Fifty Shades of Green with Alan Titchmarsh

Fifty Shades of Green with Alan Titchmarsh

Fifty Shades of Green with Alan Titchmarsh: To celebrate half a century spent in gardens around the world, the broadcaster visits his favourite horticultural locations around the UK with friends and experts who share his passions.


 

 



He meets food writer Mary Berry at his favourite vegetable plot, goes inside Prince Charles’ garden at Highgrove, takes a tour of Griff Rhys Jones’ epic space and and strokes the hallowed turf on Wimbledon’s Centre Court. Alan also returns to the allotment where, as a toddler, he was first introduced to gardening.

 

Fifty Shades of Green with Alan Titchmarsh

 

Alan Titchmarsh

Alan Fred Titchmarsh is an English gardener, broadcaster, poet, and novelist. After working as a professional gardener and a gardening journalist, he established himself as a media personality through appearances on gardening programmes. He has developed a diverse writing and broadcasting career.

Titchmarsh’s first few television appearances were on the long-running BBC television show Nationwide as a horticulture expert. This led to his being invited to present coverage of the Chelsea Flower Show for BBC television in 1983. Titchmarsh hosted this every year until 2013.

In 1996 the cancellation of Pebble Mill at One gave Titchmarsh the opportunity to move back towards his first love, gardening, and he took over as host of another long-running BBC television programme, Gardeners’ World in the same year, the show being filmed in his own garden.

Mary Berry

Mary Rosa Alleyne Hunnings, known professionally as Mary Berry, is a British food writer and television presenter. After being encouraged in domestic science classes at school, she studied catering and institutional management at college. She then moved to France at the age of 21 to study at Le Cordon Bleu school, before working in a number of cooking-related jobs.

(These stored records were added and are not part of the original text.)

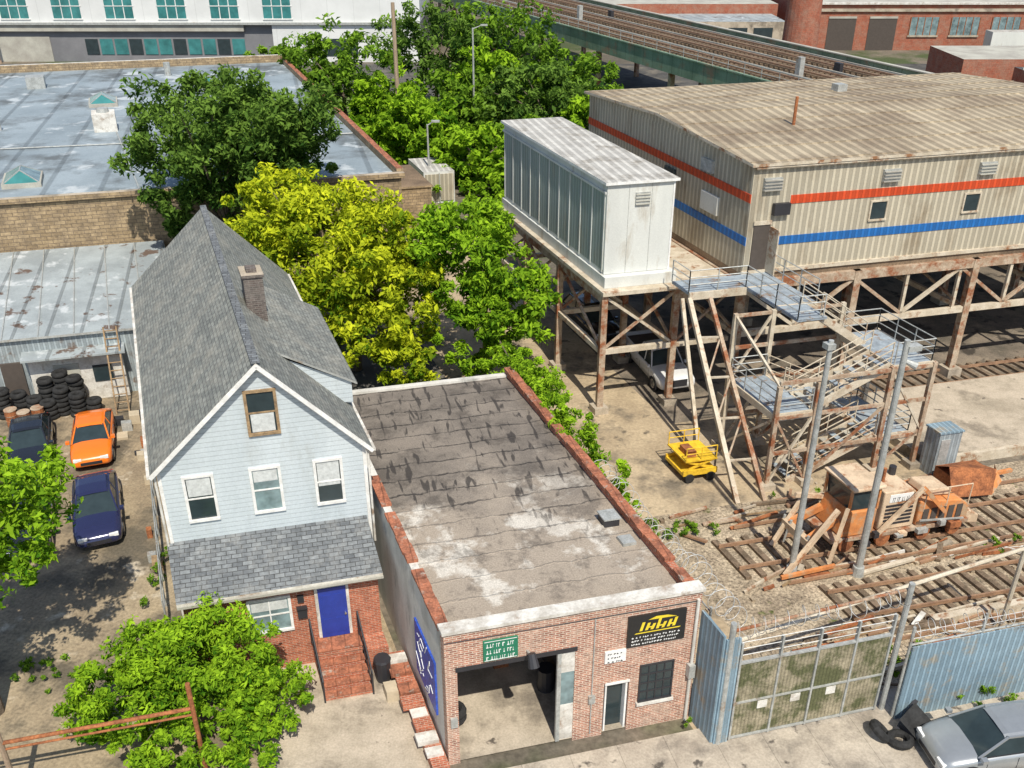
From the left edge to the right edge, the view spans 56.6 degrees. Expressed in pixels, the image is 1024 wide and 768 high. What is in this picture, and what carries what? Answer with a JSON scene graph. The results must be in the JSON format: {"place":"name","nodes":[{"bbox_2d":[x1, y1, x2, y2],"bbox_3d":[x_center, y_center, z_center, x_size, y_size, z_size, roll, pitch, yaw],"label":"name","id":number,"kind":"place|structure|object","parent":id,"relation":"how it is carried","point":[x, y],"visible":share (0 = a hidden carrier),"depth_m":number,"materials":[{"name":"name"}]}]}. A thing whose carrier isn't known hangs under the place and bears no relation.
{"place":"outdoors","nodes":[
{"label":"outdoors","id":0,"kind":"place"},
{"bbox_2d":[0,391,396,767],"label":"yard pavement","id":1,"kind":"structure","parent":0,"point":[77,605],"depth_m":34.40,"materials":[{"name":"concrete"}]},
{"bbox_2d":[9,389,28,410],"bbox_3d":[-24.155,0.935,46.821,0.863,1.309,0.866,0,28,0],"label":"tire stack","id":2,"kind":"object","parent":1,"relation":"on","point":[18,397],"visible":0.74,"depth_m":46.48,"materials":[{"name":"rubber"}]},
{"bbox_2d":[3,412,55,467],"bbox_3d":[-22.105,2.558,43.542,2.133,1.506,4.835,-11,30,-20],"label":"parked car","id":3,"kind":"object","parent":1,"relation":"on","point":[29,436],"visible":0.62,"depth_m":42.95,"materials":[{"name":"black metal"}]},
{"bbox_2d":[0,436,83,715],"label":"side tree","id":4,"kind":"object","parent":1,"relation":"on","point":[19,478],"visible":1,"depth_m":27.57,"materials":[{"name":"green plant"}]},
{"bbox_2d":[36,376,53,398],"bbox_3d":[-23.073,0.483,47.141,0.883,1.813,0.889,0,28,0],"label":"tire stack","id":5,"kind":"object","parent":1,"relation":"on","point":[45,384],"visible":0.62,"depth_m":46.72,"materials":[{"name":"rubber"}]},
{"bbox_2d":[39,398,59,420],"bbox_3d":[-22.618,1.236,46.532,0.797,1.053,0.873,0,28,0],"label":"tire stack","id":6,"kind":"object","parent":1,"relation":"on","point":[49,405],"visible":0.79,"depth_m":46.29,"materials":[{"name":"rubber"}]},
{"bbox_2d":[52,384,70,416],"bbox_3d":[-22.148,0.812,46.785,0.874,1.566,0.846,0,28,0],"label":"tire stack","id":7,"kind":"object","parent":1,"relation":"on","point":[60,393],"visible":0.98,"depth_m":46.50,"materials":[{"name":"rubber"}]},
{"bbox_2d":[65,373,87,399],"bbox_3d":[-21.700,0.364,47.365,0.860,1.816,0.880,0,28,0],"label":"tire stack","id":8,"kind":"object","parent":1,"relation":"on","point":[74,381],"visible":0.56,"depth_m":46.94,"materials":[{"name":"rubber"}]},
{"bbox_2d":[68,390,86,417],"bbox_3d":[-21.366,0.983,46.734,0.873,1.308,0.847,0,28,0],"label":"tire stack","id":9,"kind":"object","parent":1,"relation":"on","point":[77,401],"visible":0.89,"depth_m":46.45,"materials":[{"name":"rubber"}]},
{"bbox_2d":[65,408,116,467],"bbox_3d":[-19.448,2.335,44.055,2.084,1.416,4.535,-9,29,-17],"label":"parked car","id":10,"kind":"object","parent":1,"relation":"on","point":[92,437],"visible":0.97,"depth_m":43.20,"materials":[{"name":"orange metal"}]},
{"bbox_2d":[67,469,124,547],"bbox_3d":[-17.125,4.911,39.133,2.133,1.506,4.935,-11,30,-20],"label":"parked car","id":11,"kind":"object","parent":1,"relation":"on","point":[98,520],"visible":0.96,"depth_m":38.26,"materials":[{"name":"blue metal"}]},
{"bbox_2d":[0,682,207,767],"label":"pipe barrier","id":12,"kind":"object","parent":1,"relation":"on","point":[6,758],"visible":1,"depth_m":26.57,"materials":[{"name":"orange metal"}]},
{"bbox_2d":[102,326,129,414],"bbox_3d":[-19.590,-0.677,47.039,0.668,3.945,2.126,-9,29,-16],"label":"wooden ladder","id":13,"kind":"object","parent":1,"relation":"on","point":[110,370],"visible":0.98,"depth_m":47.01,"materials":[{"name":"brown wood"}]},
{"bbox_2d":[115,409,163,571],"bbox_3d":[-16.238,4.212,41.494,1.901,0.495,12.941,-10,30,-19],"label":"yard junk","id":14,"kind":"object","parent":1,"relation":"on","point":[134,418],"visible":0.59,"depth_m":44.95,"materials":[{"name":"white metal"}]},
{"bbox_2d":[150,480,167,622],"bbox_3d":[-14.251,5.474,38.038,0.059,1.522,12.058,-10,30,-19],"label":"side railing","id":15,"kind":"object","parent":1,"relation":"on","point":[158,551],"visible":0.62,"depth_m":35.89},
{"bbox_2d":[51,590,315,767],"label":"street tree","id":16,"kind":"object","parent":1,"relation":"on","point":[232,681],"visible":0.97,"depth_m":28.24,"materials":[{"name":"green plant"}]},
{"bbox_2d":[160,370,367,541],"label":"walls","id":17,"kind":"structure","parent":1,"relation":"on","point":[224,448],"depth_m":30.07,"materials":[{"name":"wood"}]},
{"bbox_2d":[131,205,372,476],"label":"roof","id":18,"kind":"structure","parent":17,"relation":"on","point":[204,345],"depth_m":33.05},
{"bbox_2d":[237,264,267,320],"bbox_3d":[-9.005,-2.941,33.227,0.744,2.500,1.096,-10,30,-19],"label":"chimney","id":19,"kind":"object","parent":18,"relation":"on","point":[251,276],"visible":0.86,"depth_m":32.67,"materials":[{"name":"brick"}]},
{"bbox_2d":[263,286,356,401],"bbox_3d":[-8.030,-1.813,34.353,3.194,2.650,7.182,-10,30,-19],"label":"dormer","id":20,"kind":"object","parent":18,"relation":"attached to","point":[299,331],"visible":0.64,"depth_m":33.22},
{"bbox_2d":[129,274,375,647],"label":"trim","id":21,"kind":"structure","parent":17,"relation":"attached to","point":[302,400],"depth_m":29.94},
{"bbox_2d":[181,387,345,633],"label":"windows","id":22,"kind":"structure","parent":17,"relation":"attached to","point":[262,419],"depth_m":30.38,"materials":[{"name":"white glass"}]},
{"bbox_2d":[183,579,381,670],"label":"brick porch wall","id":23,"kind":"structure","parent":1,"relation":"on","point":[294,645],"depth_m":31.48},
{"bbox_2d":[167,515,383,610],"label":"porch roof","id":24,"kind":"structure","parent":23,"relation":"on","point":[274,561],"depth_m":30.57,"materials":[{"name":"tile"}]},
{"bbox_2d":[313,584,352,637],"bbox_3d":[-5.881,7.470,31.295,1.110,2.150,0.184,-7,29,-12],"label":"front door","id":25,"kind":"structure","parent":23,"relation":"attached to","point":[333,610],"depth_m":31.27,"materials":[{"name":"wood"}]},
{"bbox_2d":[256,647,429,767],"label":"driveway","id":26,"kind":"structure","parent":0,"point":[372,730],"depth_m":29.50,"materials":[{"name":"concrete"}]},
{"bbox_2d":[313,630,372,700],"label":"brick steps","id":27,"kind":"structure","parent":26,"relation":"on","point":[344,668],"depth_m":31.22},
{"bbox_2d":[308,611,374,702],"bbox_3d":[-5.552,8.905,30.971,1.607,2.124,2.044,-10,30,-19],"label":"stair railing","id":28,"kind":"object","parent":27,"relation":"on","point":[360,631],"visible":1,"depth_m":30.86,"materials":[{"name":"black metal"}]},
{"bbox_2d":[361,631,399,702],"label":"brick wall","id":29,"kind":"structure","parent":26,"relation":"on","point":[378,650],"depth_m":31.25,"materials":[{"name":"red brick"}]},
{"bbox_2d":[389,650,449,767],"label":"brick curb","id":30,"kind":"structure","parent":26,"relation":"on","point":[412,701],"depth_m":29.81,"materials":[{"name":"brick"}]},
{"bbox_2d":[321,301,445,389],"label":"asphalt lot","id":31,"kind":"structure","parent":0,"point":[365,376],"depth_m":51.27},
{"bbox_2d":[220,162,448,385],"bbox_3d":[-9.079,-4.843,47.298,12.013,11.079,12.173,0,28,0],"label":"locust tree","id":32,"kind":"object","parent":31,"relation":"on","point":[368,258],"visible":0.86,"depth_m":45.64,"materials":[{"name":"yellow plant"}]},
{"bbox_2d":[0,64,926,96],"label":"back street","id":33,"kind":"structure","parent":0,"point":[648,77],"depth_m":126.79,"materials":[{"name":"asphalt"}]},
{"bbox_2d":[782,0,822,47],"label":"brick chimney","id":34,"kind":"object","parent":33,"relation":"on","point":[802,22],"depth_m":122.73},
{"bbox_2d":[2,1,1023,767],"bbox_3d":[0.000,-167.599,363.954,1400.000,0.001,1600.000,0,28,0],"label":"ground","id":35,"kind":"structure","parent":0,"point":[544,751],"depth_m":29.82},
{"bbox_2d":[0,240,164,404],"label":"workshop","id":36,"kind":"structure","parent":35,"relation":"on","point":[60,308],"depth_m":48.79,"materials":[{"name":"metal"}]},
{"bbox_2d":[0,54,404,282],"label":"warehouse","id":37,"kind":"structure","parent":35,"relation":"on","point":[64,128],"depth_m":63.59,"materials":[{"name":"beige brick"}]},
{"bbox_2d":[0,0,433,61],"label":"office building","id":38,"kind":"structure","parent":35,"relation":"on","point":[70,30],"depth_m":134.38,"materials":[{"name":"white concrete"}]},
{"bbox_2d":[0,0,420,61],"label":"windows","id":39,"kind":"structure","parent":38,"relation":"in","point":[12,49],"depth_m":134.44,"materials":[{"name":"teal glass"}]},
{"bbox_2d":[107,62,342,238],"bbox_3d":[-15.788,-11.025,54.883,12.556,14.898,10.679,0,28,0],"label":"shade tree","id":40,"kind":"object","parent":35,"relation":"on","point":[241,134],"visible":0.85,"depth_m":52.08,"materials":[{"name":"green plant"}]},
{"bbox_2d":[349,114,397,155],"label":"deciduous tree","id":41,"kind":"object","parent":35,"relation":"on","point":[359,120],"visible":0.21,"depth_m":84.44,"materials":[{"name":"green plant"}]},
{"bbox_2d":[366,90,475,164],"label":"deciduous tree","id":42,"kind":"object","parent":35,"relation":"on","point":[424,112],"visible":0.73,"depth_m":83.41,"materials":[{"name":"green plant"}]},
{"bbox_2d":[408,157,454,202],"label":"shipping container","id":43,"kind":"object","parent":35,"relation":"on","point":[433,174],"visible":0.76,"depth_m":77.21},
{"bbox_2d":[335,97,556,185],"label":"grass","id":44,"kind":"structure","parent":35,"relation":"on","point":[456,182],"depth_m":94.22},
{"bbox_2d":[243,35,339,92],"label":"deciduous tree","id":45,"kind":"object","parent":44,"relation":"on","point":[263,50],"visible":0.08,"depth_m":98.78,"materials":[{"name":"green plant"}]},
{"bbox_2d":[276,13,404,115],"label":"deciduous tree","id":46,"kind":"object","parent":44,"relation":"on","point":[347,73],"visible":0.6,"depth_m":93.14,"materials":[{"name":"green plant"}]},
{"bbox_2d":[347,63,425,132],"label":"deciduous tree","id":47,"kind":"object","parent":44,"relation":"on","point":[364,102],"visible":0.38,"depth_m":89.81,"materials":[{"name":"green plant"}]},
{"bbox_2d":[391,2,404,150],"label":"utility pole","id":48,"kind":"object","parent":44,"relation":"on","point":[396,72],"visible":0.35,"depth_m":87.59,"materials":[{"name":"brown wood"}]},
{"bbox_2d":[362,0,502,99],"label":"deciduous tree","id":49,"kind":"object","parent":44,"relation":"on","point":[423,47],"visible":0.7,"depth_m":99.91,"materials":[{"name":"green plant"}]},
{"bbox_2d":[421,65,517,146],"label":"deciduous tree","id":50,"kind":"object","parent":44,"relation":"on","point":[465,114],"visible":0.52,"depth_m":90.23,"materials":[{"name":"green plant"}]},
{"bbox_2d":[439,36,547,112],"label":"deciduous tree","id":51,"kind":"object","parent":44,"relation":"on","point":[485,61],"visible":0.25,"depth_m":95.74,"materials":[{"name":"green plant"}]},
{"bbox_2d":[433,0,570,93],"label":"deciduous tree","id":52,"kind":"object","parent":44,"relation":"on","point":[516,21],"visible":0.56,"depth_m":102.94,"materials":[{"name":"green plant"}]},
{"bbox_2d":[475,43,608,129],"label":"deciduous tree","id":53,"kind":"object","parent":44,"relation":"on","point":[552,74],"visible":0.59,"depth_m":87.81,"materials":[{"name":"green plant"}]},
{"bbox_2d":[527,48,624,117],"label":"deciduous tree","id":54,"kind":"object","parent":44,"relation":"on","point":[587,64],"visible":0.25,"depth_m":93.33,"materials":[{"name":"green plant"}]},
{"bbox_2d":[557,85,599,128],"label":"deciduous tree","id":55,"kind":"object","parent":44,"relation":"on","point":[577,106],"visible":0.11,"depth_m":85.78,"materials":[{"name":"green plant"}]},
{"bbox_2d":[429,121,503,198],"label":"deciduous tree","id":56,"kind":"object","parent":35,"relation":"on","point":[454,154],"visible":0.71,"depth_m":78.86,"materials":[{"name":"green plant"}]},
{"bbox_2d":[432,172,514,235],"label":"shrubs","id":57,"kind":"object","parent":35,"relation":"on","point":[469,197],"visible":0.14,"depth_m":76.51,"materials":[{"name":"green plant"}]},
{"bbox_2d":[9,450,1022,726],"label":"weeds","id":58,"kind":"object","parent":35,"relation":"on","point":[693,526],"visible":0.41,"depth_m":34.18,"materials":[{"name":"green plant"}]},
{"bbox_2d":[352,367,705,764],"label":"brick garage","id":59,"kind":"structure","parent":35,"relation":"on","point":[501,509],"depth_m":30.11,"materials":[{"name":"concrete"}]},
{"bbox_2d":[414,617,437,714],"bbox_3d":[-2.638,8.603,29.013,0.084,2.100,2.108,-10,30,-19],"label":"painted board","id":60,"kind":"object","parent":59,"relation":"attached to","point":[426,665],"visible":1,"depth_m":28.83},
{"bbox_2d":[483,635,517,661],"bbox_3d":[-0.326,7.456,26.756,1.008,0.750,0.066,-7,29,-12],"label":"green sign","id":61,"kind":"object","parent":59,"relation":"attached to","point":[500,648],"visible":1,"depth_m":26.72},
{"bbox_2d":[455,646,629,741],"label":"doors","id":62,"kind":"structure","parent":59,"relation":"in","point":[615,693],"depth_m":28.54,"materials":[{"name":"white metal"}]},
{"bbox_2d":[487,353,641,518],"bbox_3d":[1.803,2.012,39.741,3.794,5.005,11.537,-8,29,-15],"label":"climbing ivy","id":63,"kind":"object","parent":59,"relation":"attached to","point":[543,382],"visible":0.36,"depth_m":38.29,"materials":[{"name":"green plant"}]},
{"bbox_2d":[604,648,625,663],"bbox_3d":[3.045,8.030,28.017,0.656,0.450,0.057,-7,29,-12],"label":"wall sign","id":64,"kind":"object","parent":59,"relation":"attached to","point":[617,655],"visible":1,"depth_m":27.99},
{"bbox_2d":[635,659,674,706],"bbox_3d":[4.381,9.098,28.967,1.215,1.630,0.149,-7,29,-12],"label":"barred window","id":65,"kind":"structure","parent":59,"relation":"in","point":[656,678],"depth_m":28.98,"materials":[{"name":"black glass"}]},
{"bbox_2d":[626,607,686,647],"bbox_3d":[4.238,7.145,27.869,1.809,1.150,0.076,-7,29,-12],"label":"business sign","id":66,"kind":"object","parent":59,"relation":"attached to","point":[656,627],"visible":1,"depth_m":27.82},
{"bbox_2d":[433,0,931,88],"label":"elevated railway","id":67,"kind":"object","parent":35,"relation":"on","point":[700,53],"visible":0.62,"depth_m":99.64,"materials":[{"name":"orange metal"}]},
{"bbox_2d":[599,0,784,39],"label":"grey annex","id":68,"kind":"object","parent":35,"relation":"on","point":[758,17],"visible":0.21,"depth_m":157.04,"materials":[{"name":"concrete"}]},
{"bbox_2d":[642,460,1023,690],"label":"ballast bed","id":69,"kind":"object","parent":35,"relation":"on","point":[779,600],"visible":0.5,"depth_m":36.06,"materials":[{"name":"gravel"}]},
{"bbox_2d":[638,473,1023,685],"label":"scrap pile","id":70,"kind":"object","parent":69,"relation":"on","point":[947,615],"visible":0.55,"depth_m":36.04,"materials":[{"name":"metal"}]},
{"bbox_2d":[933,460,1012,496],"bbox_3d":[20.249,3.792,40.949,3.648,1.250,1.799,-6,29,-10],"label":"ballast plow","id":71,"kind":"object","parent":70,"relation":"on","point":[985,480],"visible":0.9,"depth_m":40.35,"materials":[{"name":"orange metal"}]},
{"bbox_2d":[786,339,922,577],"bbox_3d":[12.054,2.895,33.973,3.332,9.900,0.468,-1,28,-1],"label":"floodlight pole","id":72,"kind":"object","parent":69,"relation":"on","point":[830,345],"visible":0.84,"depth_m":33.33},
{"bbox_2d":[715,546,1023,744],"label":"sliding gate","id":73,"kind":"structure","parent":69,"relation":"on","point":[781,689],"depth_m":28.80,"materials":[{"name":"metal"}]},
{"bbox_2d":[737,589,911,638],"bbox_3d":[9.006,6.643,27.542,5.541,0.739,0.621,-7,29,-12],"label":"razor wire","id":74,"kind":"object","parent":73,"relation":"attached to","point":[827,613],"visible":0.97,"depth_m":27.51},
{"bbox_2d":[734,477,1023,641],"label":"spare rails","id":75,"kind":"object","parent":69,"relation":"on","point":[904,637],"visible":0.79,"depth_m":36.99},
{"bbox_2d":[851,339,910,577],"bbox_3d":[13.182,2.903,33.960,0.504,9.900,0.504,0,28,0],"label":"floodlight pole","id":76,"kind":"object","parent":69,"relation":"on","point":[858,567],"visible":1,"depth_m":33.93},
{"bbox_2d":[919,421,964,475],"bbox_3d":[18.961,2.893,42.070,1.315,2.280,0.893,-7,29,-12],"label":"electrical cabinet","id":77,"kind":"object","parent":69,"relation":"on","point":[941,443],"visible":0.82,"depth_m":41.69,"materials":[{"name":"metal"}]},
{"bbox_2d":[689,610,1023,743],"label":"corrugated fence","id":78,"kind":"object","parent":35,"relation":"on","point":[941,675],"visible":1,"depth_m":29.26,"materials":[{"name":"metal"}]},
{"bbox_2d":[914,607,1023,640],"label":"razor wire","id":79,"kind":"object","parent":78,"relation":"attached to","point":[969,623],"visible":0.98,"depth_m":28.74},
{"bbox_2d":[711,490,1023,579],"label":"rail track","id":80,"kind":"structure","parent":35,"relation":"on","point":[778,555],"depth_m":37.81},
{"bbox_2d":[769,462,977,579],"bbox_3d":[14.052,4.754,37.311,9.228,3.222,2.708,-10,30,-17],"label":"rail maintenance machine","id":81,"kind":"object","parent":80,"relation":"on","point":[920,506],"visible":0.98,"depth_m":36.93,"materials":[{"name":"orange metal"}]},
{"bbox_2d":[771,0,1023,49],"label":"brick depot","id":82,"kind":"structure","parent":35,"relation":"on","point":[885,24],"depth_m":144.28,"materials":[{"name":"brick"}]},
{"bbox_2d":[824,16,1021,49],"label":"windows","id":83,"kind":"structure","parent":82,"relation":"in","point":[841,29],"depth_m":144.47,"materials":[{"name":"brown glass"}]},
{"bbox_2d":[869,699,930,749],"bbox_3d":[11.969,10.573,29.166,1.880,0.921,1.241,-9,29,-15],"label":"junk heap","id":84,"kind":"object","parent":35,"relation":"on","point":[913,717],"visible":0.98,"depth_m":29.13,"materials":[{"name":"rubber"}]},
{"bbox_2d":[818,554,1023,631],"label":"rail track","id":85,"kind":"structure","parent":35,"relation":"on","point":[918,593],"depth_m":35.26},
{"bbox_2d":[839,372,1023,462],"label":"platform","id":86,"kind":"structure","parent":35,"relation":"on","point":[986,414],"depth_m":46.35,"materials":[{"name":"concrete"}]},
{"bbox_2d":[916,699,1023,767],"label":"parked car","id":87,"kind":"object","parent":35,"relation":"on","point":[990,735],"visible":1,"depth_m":28.04,"materials":[{"name":"silver metal"}]},
{"bbox_2d":[925,46,1023,82],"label":"rail shed","id":88,"kind":"structure","parent":35,"relation":"on","point":[1002,62],"depth_m":110.98,"materials":[{"name":"red brick"}]},
{"bbox_2d":[983,30,1023,45],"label":"box truck","id":89,"kind":"object","parent":35,"relation":"on","point":[1003,37],"visible":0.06,"depth_m":138.72,"materials":[{"name":"white metal"}]},
{"bbox_2d":[404,203,754,728],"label":"parking lot","id":90,"kind":"structure","parent":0,"point":[635,428],"depth_m":46.13,"materials":[{"name":"concrete"}]},
{"bbox_2d":[400,165,432,226],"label":"brick shed","id":91,"kind":"structure","parent":90,"relation":"on","point":[416,185],"depth_m":71.53,"materials":[{"name":"beige brick"}]},
{"bbox_2d":[403,194,563,387],"bbox_3d":[-1.636,-4.184,47.387,6.464,9.810,10.346,-21,35,-34],"label":"ailanthus tree","id":92,"kind":"object","parent":90,"relation":"on","point":[492,287],"visible":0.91,"depth_m":46.06,"materials":[{"name":"green plant"}]},
{"bbox_2d":[498,198,727,415],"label":"steel platform","id":93,"kind":"structure","parent":90,"relation":"on","point":[590,279],"depth_m":46.94,"materials":[{"name":"metal"}]},
{"bbox_2d":[665,428,717,483],"bbox_3d":[7.973,3.148,42.125,1.587,1.766,1.848,-10,30,-19],"label":"yellow lift","id":94,"kind":"object","parent":90,"relation":"on","point":[687,460],"visible":1,"depth_m":41.79,"materials":[{"name":"paint"}]},
{"bbox_2d":[695,601,712,653],"bbox_3d":[4.593,6.537,33.946,0.089,3.500,8.886,-10,30,-19],"label":"wire fence","id":95,"kind":"object","parent":90,"relation":"on","point":[709,610],"visible":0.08,"depth_m":29.63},
{"bbox_2d":[594,459,746,627],"bbox_3d":[4.947,5.004,31.944,0.915,1.814,10.388,-9,29,-16],"label":"razor wire","id":96,"kind":"object","parent":95,"relation":"attached to","point":[617,477],"visible":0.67,"depth_m":30.52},
{"bbox_2d":[503,125,675,274],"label":"walls","id":97,"kind":"structure","parent":0,"point":[603,229],"depth_m":44.90,"materials":[{"name":"metal"}]},
{"bbox_2d":[501,117,680,185],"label":"roof","id":98,"kind":"structure","parent":97,"relation":"on","point":[605,162],"depth_m":47.02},
{"bbox_2d":[508,687,1023,767],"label":"sidewalk","id":99,"kind":"structure","parent":0,"point":[852,740],"depth_m":28.82,"materials":[{"name":"concrete"}]},
{"bbox_2d":[545,264,1023,423],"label":"underpass pavement","id":100,"kind":"structure","parent":0,"point":[993,334],"depth_m":55.42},
{"bbox_2d":[563,291,618,339],"bbox_3d":[4.663,-4.051,55.660,2.182,1.756,4.835,-10,30,-19],"label":"parked car","id":101,"kind":"object","parent":100,"relation":"on","point":[593,318],"visible":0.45,"depth_m":54.80,"materials":[{"name":"black metal"}]},
{"bbox_2d":[625,330,694,391],"bbox_3d":[7.763,-1.394,50.533,2.280,1.914,5.440,-8,29,-14],"label":"pickup truck","id":102,"kind":"object","parent":100,"relation":"on","point":[652,363],"visible":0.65,"depth_m":49.47,"materials":[{"name":"white metal"}]},
{"bbox_2d":[576,232,1023,406],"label":"support trusses","id":103,"kind":"object","parent":100,"relation":"on","point":[853,275],"visible":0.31,"depth_m":47.90,"materials":[{"name":"orange metal"}]},
{"bbox_2d":[843,356,1023,395],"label":"rail track","id":104,"kind":"structure","parent":100,"relation":"on","point":[995,363],"depth_m":50.63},
{"bbox_2d":[671,413,925,500],"bbox_3d":[13.251,2.975,44.329,9.694,0.001,6.944,-7,29,-12],"label":"lot apron","id":105,"kind":"object","parent":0,"point":[744,475],"visible":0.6,"depth_m":43.81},
{"bbox_2d":[671,255,937,503],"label":"steel stair tower","id":106,"kind":"structure","parent":105,"relation":"on","point":[773,397],"depth_m":41.70,"materials":[{"name":"metal"}]},
{"bbox_2d":[588,95,1023,272],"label":"walls","id":107,"kind":"structure","parent":0,"point":[738,215],"depth_m":45.63,"materials":[{"name":"metal"}]},
{"bbox_2d":[584,72,1023,167],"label":"roof","id":108,"kind":"structure","parent":107,"relation":"on","point":[866,118],"depth_m":49.35,"materials":[{"name":"beige metal"}]},
{"bbox_2d":[588,117,1023,245],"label":"colour bands","id":109,"kind":"object","parent":107,"relation":"attached to","point":[799,198],"visible":0.87,"depth_m":45.79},
{"bbox_2d":[664,83,1023,275],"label":"openings and vents","id":110,"kind":"object","parent":107,"relation":"attached to","point":[764,245],"visible":0.98,"depth_m":45.06,"materials":[{"name":"beige metal"}]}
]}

Berry was born on 24 March 1935, the second of three children, to Margaret and Alleyne William Steward Berry (1904–1989). Alleyne was a surveyor and planner who served as Mayor of Bath in 1952 and was closely involved in establishing the University of Bath at Claverton Down. Mary’s great-great-grandfather on her father’s side, Robert Houghton, was a master baker in the 1860s who provided bread for a local workhouse in Norwich. Her mother Marjorie was a housewife who, on occasion, helped Berry’s father with bookkeeping. Her mother died in 2011 aged 105.